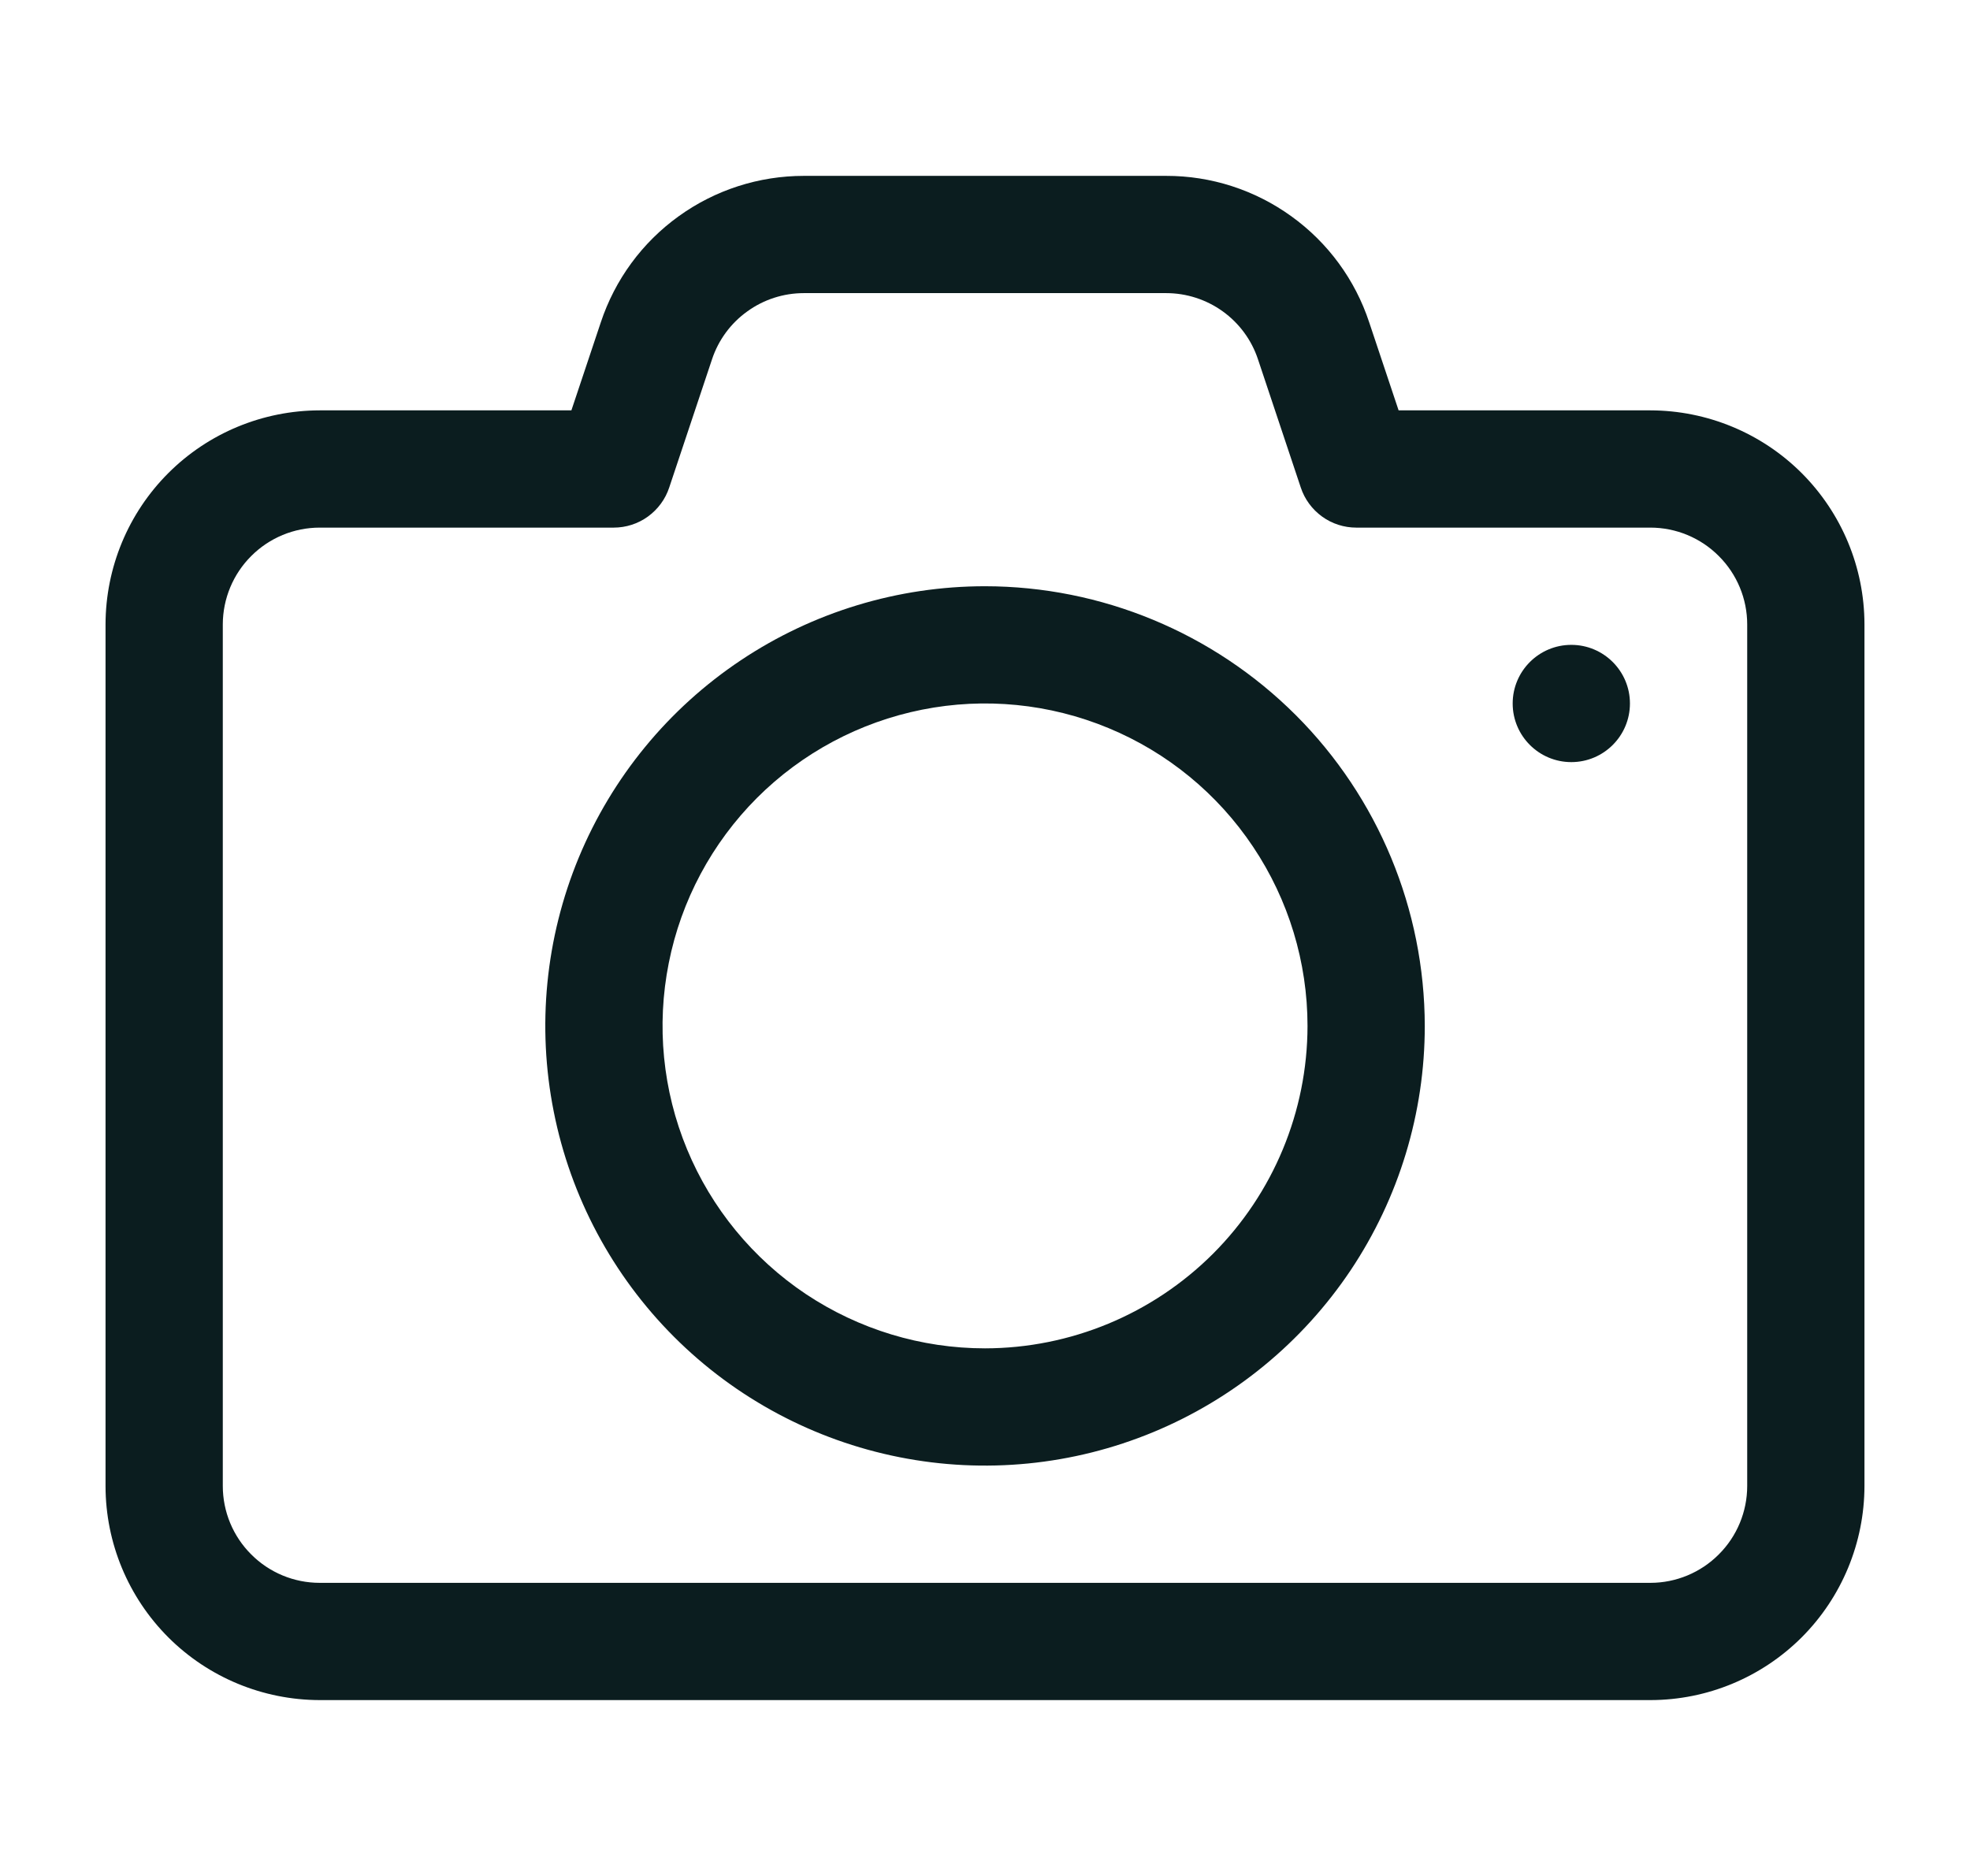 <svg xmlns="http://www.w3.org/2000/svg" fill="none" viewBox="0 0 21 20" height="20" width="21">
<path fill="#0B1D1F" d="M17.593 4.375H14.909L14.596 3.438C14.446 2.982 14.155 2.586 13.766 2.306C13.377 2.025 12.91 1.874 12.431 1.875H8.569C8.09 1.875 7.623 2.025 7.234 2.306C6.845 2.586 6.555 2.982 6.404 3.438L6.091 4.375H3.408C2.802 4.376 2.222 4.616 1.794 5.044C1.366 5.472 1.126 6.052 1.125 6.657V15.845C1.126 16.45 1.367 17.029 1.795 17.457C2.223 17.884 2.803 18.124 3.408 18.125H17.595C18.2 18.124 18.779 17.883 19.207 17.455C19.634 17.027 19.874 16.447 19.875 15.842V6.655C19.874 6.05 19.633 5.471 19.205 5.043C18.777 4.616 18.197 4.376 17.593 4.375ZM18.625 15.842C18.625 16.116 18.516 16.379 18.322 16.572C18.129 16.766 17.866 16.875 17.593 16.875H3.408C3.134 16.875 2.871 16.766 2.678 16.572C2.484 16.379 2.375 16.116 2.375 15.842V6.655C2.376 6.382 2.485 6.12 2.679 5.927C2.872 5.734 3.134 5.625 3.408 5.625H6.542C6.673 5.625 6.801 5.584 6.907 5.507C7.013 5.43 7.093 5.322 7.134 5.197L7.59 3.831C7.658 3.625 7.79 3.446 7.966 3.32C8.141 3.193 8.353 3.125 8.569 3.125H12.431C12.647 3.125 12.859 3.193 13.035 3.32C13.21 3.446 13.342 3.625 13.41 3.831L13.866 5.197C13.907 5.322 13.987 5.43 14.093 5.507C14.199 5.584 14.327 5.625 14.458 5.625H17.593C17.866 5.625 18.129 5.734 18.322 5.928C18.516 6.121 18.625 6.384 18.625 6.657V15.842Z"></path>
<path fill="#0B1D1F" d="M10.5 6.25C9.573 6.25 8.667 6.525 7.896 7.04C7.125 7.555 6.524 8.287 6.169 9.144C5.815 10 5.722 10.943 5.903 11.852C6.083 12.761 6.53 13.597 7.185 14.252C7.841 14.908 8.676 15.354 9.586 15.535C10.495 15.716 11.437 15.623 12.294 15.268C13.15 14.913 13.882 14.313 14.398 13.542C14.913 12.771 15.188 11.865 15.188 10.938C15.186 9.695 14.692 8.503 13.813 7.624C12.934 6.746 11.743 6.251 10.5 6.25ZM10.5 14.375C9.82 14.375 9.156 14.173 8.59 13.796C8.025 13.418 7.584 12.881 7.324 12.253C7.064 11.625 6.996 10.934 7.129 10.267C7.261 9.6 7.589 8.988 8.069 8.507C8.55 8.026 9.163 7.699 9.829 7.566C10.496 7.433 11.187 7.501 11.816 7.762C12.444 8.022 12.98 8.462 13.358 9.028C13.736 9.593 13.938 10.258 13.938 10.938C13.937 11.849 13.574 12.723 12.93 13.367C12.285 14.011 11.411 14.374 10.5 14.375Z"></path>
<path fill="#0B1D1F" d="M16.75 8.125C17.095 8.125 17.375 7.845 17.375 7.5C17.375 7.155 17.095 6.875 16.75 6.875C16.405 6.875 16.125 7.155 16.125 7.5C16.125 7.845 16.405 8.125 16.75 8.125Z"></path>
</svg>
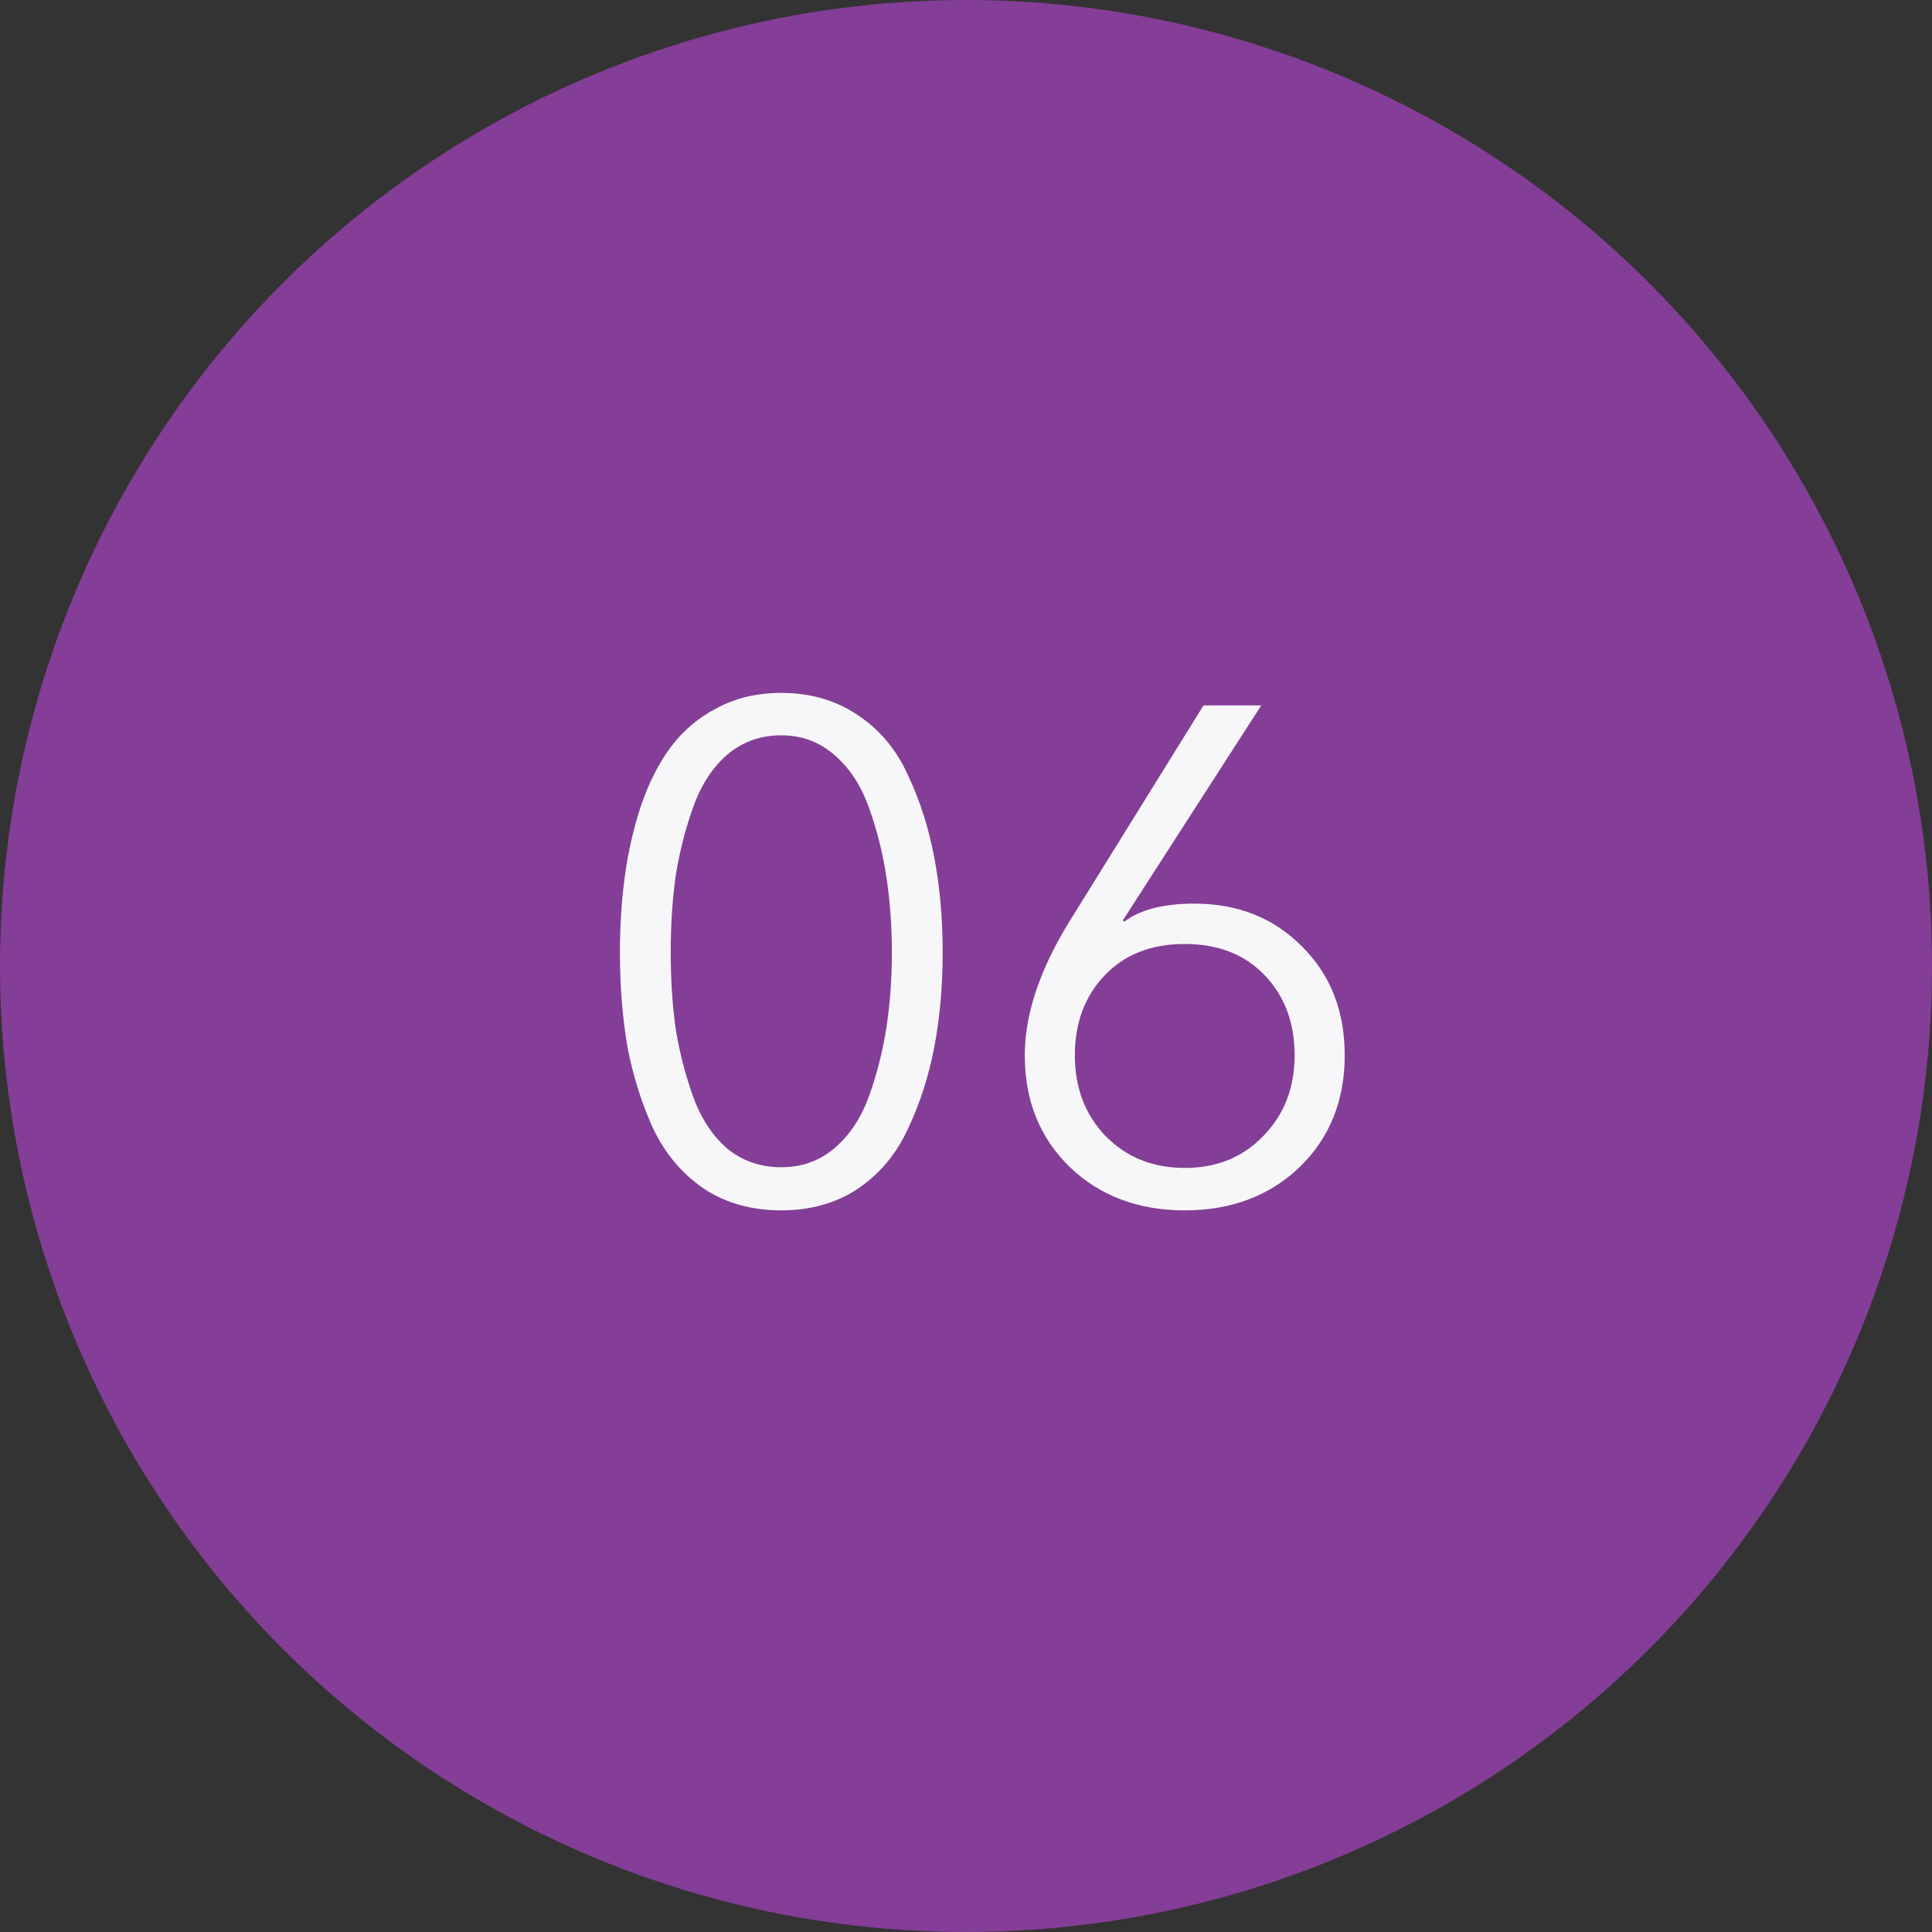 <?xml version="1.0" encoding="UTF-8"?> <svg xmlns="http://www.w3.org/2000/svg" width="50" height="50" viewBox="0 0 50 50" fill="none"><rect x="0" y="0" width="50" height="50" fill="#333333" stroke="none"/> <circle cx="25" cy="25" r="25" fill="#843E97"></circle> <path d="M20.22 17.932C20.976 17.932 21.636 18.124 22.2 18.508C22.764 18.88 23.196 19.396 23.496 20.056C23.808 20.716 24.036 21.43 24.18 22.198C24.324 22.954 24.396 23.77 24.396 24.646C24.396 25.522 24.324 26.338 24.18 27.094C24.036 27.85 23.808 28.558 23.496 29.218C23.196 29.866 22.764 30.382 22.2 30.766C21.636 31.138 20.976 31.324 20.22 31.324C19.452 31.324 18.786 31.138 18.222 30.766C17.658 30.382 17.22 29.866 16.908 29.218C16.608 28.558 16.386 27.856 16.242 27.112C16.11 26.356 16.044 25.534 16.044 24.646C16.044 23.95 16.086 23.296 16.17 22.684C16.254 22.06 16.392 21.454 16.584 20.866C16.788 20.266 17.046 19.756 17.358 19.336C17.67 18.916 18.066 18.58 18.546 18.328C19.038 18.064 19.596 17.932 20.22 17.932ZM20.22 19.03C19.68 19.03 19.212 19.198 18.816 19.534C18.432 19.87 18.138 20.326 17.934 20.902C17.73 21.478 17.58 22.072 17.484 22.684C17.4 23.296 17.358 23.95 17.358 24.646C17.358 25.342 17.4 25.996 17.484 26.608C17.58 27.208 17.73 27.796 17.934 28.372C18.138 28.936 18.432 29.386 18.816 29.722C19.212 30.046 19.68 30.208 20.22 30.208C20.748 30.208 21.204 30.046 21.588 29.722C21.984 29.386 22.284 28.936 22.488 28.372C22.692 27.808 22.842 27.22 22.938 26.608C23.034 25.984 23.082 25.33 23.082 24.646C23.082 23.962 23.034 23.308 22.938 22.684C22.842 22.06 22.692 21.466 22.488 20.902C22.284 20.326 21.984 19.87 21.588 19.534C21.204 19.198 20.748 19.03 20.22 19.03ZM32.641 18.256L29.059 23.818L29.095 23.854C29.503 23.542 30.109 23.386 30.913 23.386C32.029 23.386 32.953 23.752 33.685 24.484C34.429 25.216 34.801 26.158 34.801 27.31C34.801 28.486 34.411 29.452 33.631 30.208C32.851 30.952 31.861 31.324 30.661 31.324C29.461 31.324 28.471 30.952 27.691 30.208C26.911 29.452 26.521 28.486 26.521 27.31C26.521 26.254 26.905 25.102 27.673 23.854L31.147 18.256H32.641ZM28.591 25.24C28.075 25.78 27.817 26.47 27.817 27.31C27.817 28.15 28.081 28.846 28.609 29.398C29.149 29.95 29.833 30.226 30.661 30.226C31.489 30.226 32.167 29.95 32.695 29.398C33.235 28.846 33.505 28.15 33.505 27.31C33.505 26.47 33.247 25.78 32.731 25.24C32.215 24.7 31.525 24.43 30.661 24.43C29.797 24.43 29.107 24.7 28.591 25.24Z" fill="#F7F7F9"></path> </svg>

:::

Work to be completed: Output must match the lines from the start of the records above through the line that contains "6.25C9.573 6.25 8.667", exactly and with every picture removed.

Response:
 <svg xmlns="http://www.w3.org/2000/svg" fill="none" viewBox="0 0 21 20" height="20" width="21">
<path fill="#0B1D1F" d="M17.593 4.375H14.909L14.596 3.438C14.446 2.982 14.155 2.586 13.766 2.306C13.377 2.025 12.91 1.874 12.431 1.875H8.569C8.09 1.875 7.623 2.025 7.234 2.306C6.845 2.586 6.555 2.982 6.404 3.438L6.091 4.375H3.408C2.802 4.376 2.222 4.616 1.794 5.044C1.366 5.472 1.126 6.052 1.125 6.657V15.845C1.126 16.45 1.367 17.029 1.795 17.457C2.223 17.884 2.803 18.124 3.408 18.125H17.595C18.2 18.124 18.779 17.883 19.207 17.455C19.634 17.027 19.874 16.447 19.875 15.842V6.655C19.874 6.05 19.633 5.471 19.205 5.043C18.777 4.616 18.197 4.376 17.593 4.375ZM18.625 15.842C18.625 16.116 18.516 16.379 18.322 16.572C18.129 16.766 17.866 16.875 17.593 16.875H3.408C3.134 16.875 2.871 16.766 2.678 16.572C2.484 16.379 2.375 16.116 2.375 15.842V6.655C2.376 6.382 2.485 6.12 2.679 5.927C2.872 5.734 3.134 5.625 3.408 5.625H6.542C6.673 5.625 6.801 5.584 6.907 5.507C7.013 5.43 7.093 5.322 7.134 5.197L7.59 3.831C7.658 3.625 7.79 3.446 7.966 3.32C8.141 3.193 8.353 3.125 8.569 3.125H12.431C12.647 3.125 12.859 3.193 13.035 3.32C13.21 3.446 13.342 3.625 13.41 3.831L13.866 5.197C13.907 5.322 13.987 5.43 14.093 5.507C14.199 5.584 14.327 5.625 14.458 5.625H17.593C17.866 5.625 18.129 5.734 18.322 5.928C18.516 6.121 18.625 6.384 18.625 6.657V15.842Z"></path>
<path fill="#0B1D1F" d="M10.5 6.25C9.573 6.25 8.667 6.525 7.896 7.04C7.125 7.555 6.524 8.287 6.169 9.144C5.815 10 5.722 10.943 5.903 11.852C6.083 12.761 6.53 13.597 7.185 14.252C7.841 14.908 8.676 15.354 9.586 15.535C10.495 15.716 11.437 15.623 12.294 15.268C13.15 14.913 13.882 14.313 14.398 13.542C14.913 12.771 15.188 11.865 15.188 10.938C15.186 9.695 14.692 8.503 13.813 7.624C12.934 6.746 11.743 6.251 10.5 6.25ZM10.5 14.375C9.82 14.375 9.156 14.173 8.59 13.796C8.025 13.418 7.584 12.881 7.324 12.253C7.064 11.625 6.996 10.934 7.129 10.267C7.261 9.6 7.589 8.988 8.069 8.507C8.55 8.026 9.163 7.699 9.829 7.566C10.496 7.433 11.187 7.501 11.816 7.762C12.444 8.022 12.98 8.462 13.358 9.028C13.736 9.593 13.938 10.258 13.938 10.938C13.937 11.849 13.574 12.723 12.93 13.367C12.285 14.011 11.411 14.374 10.5 14.375Z"></path>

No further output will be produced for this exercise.